## ACTIVITY
Copy exactly the stretch of lines from the one holding "Vraag: Is dit een uitspraak of een conclusie?" through the last line of the data below, inclusive. Leave out pictures.

[Collected data]
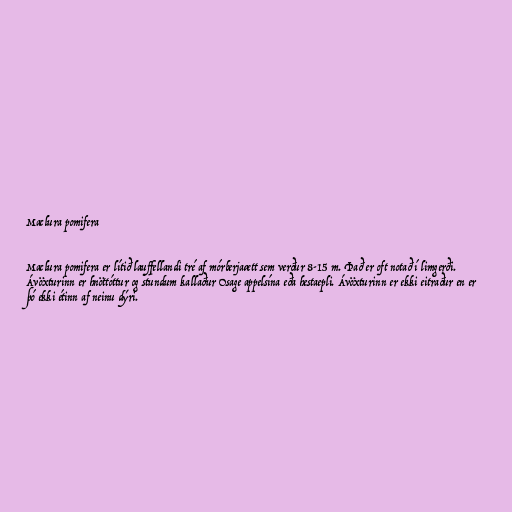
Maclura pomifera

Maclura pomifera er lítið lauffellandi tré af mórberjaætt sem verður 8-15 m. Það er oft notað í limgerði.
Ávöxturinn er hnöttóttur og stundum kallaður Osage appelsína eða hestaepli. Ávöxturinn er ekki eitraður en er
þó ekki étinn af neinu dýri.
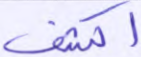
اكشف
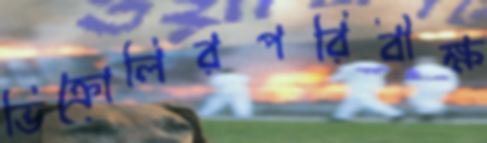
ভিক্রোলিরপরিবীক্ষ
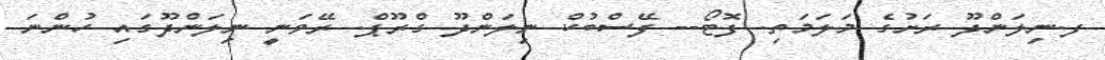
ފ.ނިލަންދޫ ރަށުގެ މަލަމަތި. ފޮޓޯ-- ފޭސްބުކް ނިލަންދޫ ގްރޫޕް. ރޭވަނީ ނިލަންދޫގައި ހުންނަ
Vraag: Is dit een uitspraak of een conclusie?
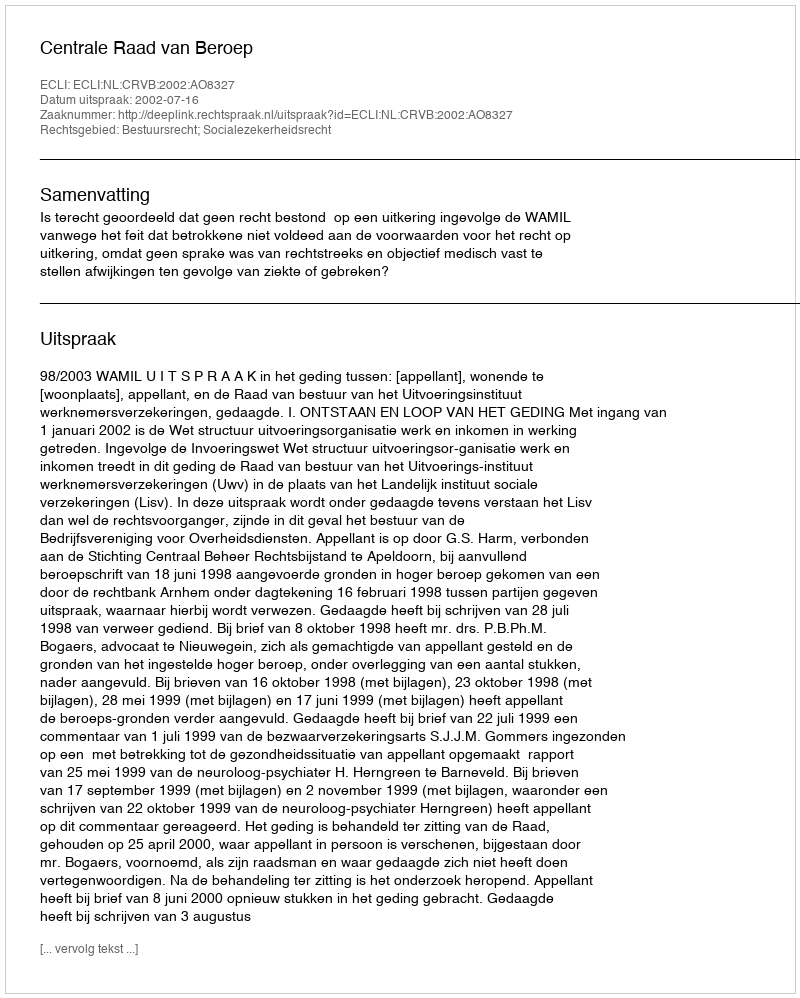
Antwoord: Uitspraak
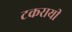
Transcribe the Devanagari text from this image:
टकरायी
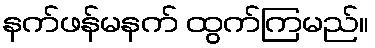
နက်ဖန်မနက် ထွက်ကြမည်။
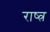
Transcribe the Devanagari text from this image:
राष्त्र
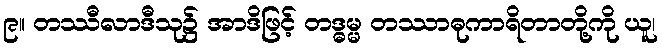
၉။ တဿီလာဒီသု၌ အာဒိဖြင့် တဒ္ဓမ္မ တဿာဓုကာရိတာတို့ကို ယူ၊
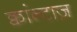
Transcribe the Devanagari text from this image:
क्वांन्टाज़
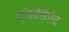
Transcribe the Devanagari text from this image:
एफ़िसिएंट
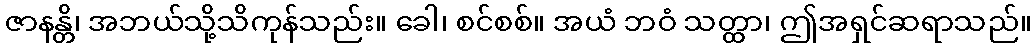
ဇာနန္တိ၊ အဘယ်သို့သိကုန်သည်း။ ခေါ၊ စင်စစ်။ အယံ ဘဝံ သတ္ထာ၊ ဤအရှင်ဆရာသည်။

## RESPONSE FOR THIS EXERCISE
Vraag: Is dit een uitspraak of een conclusie?
Antwoord: Uitspraak
Transcribe the Devanagari text from this image:
टकरायी
နက်ဖန်မနက် ထွက်ကြမည်။
Transcribe the Devanagari text from this image:
राष्त्र
၉။ တဿီလာဒီသု၌ အာဒိဖြင့် တဒ္ဓမ္မ တဿာဓုကာရိတာတို့ကို ယူ၊
Transcribe the Devanagari text from this image:
क्वांन्टाज़
Transcribe the Devanagari text from this image:
एफ़िसिएंट
ဇာနန္တိ၊ အဘယ်သို့သိကုန်သည်း။ ခေါ၊ စင်စစ်။ အယံ ဘဝံ သတ္ထာ၊ ဤအရှင်ဆရာသည်။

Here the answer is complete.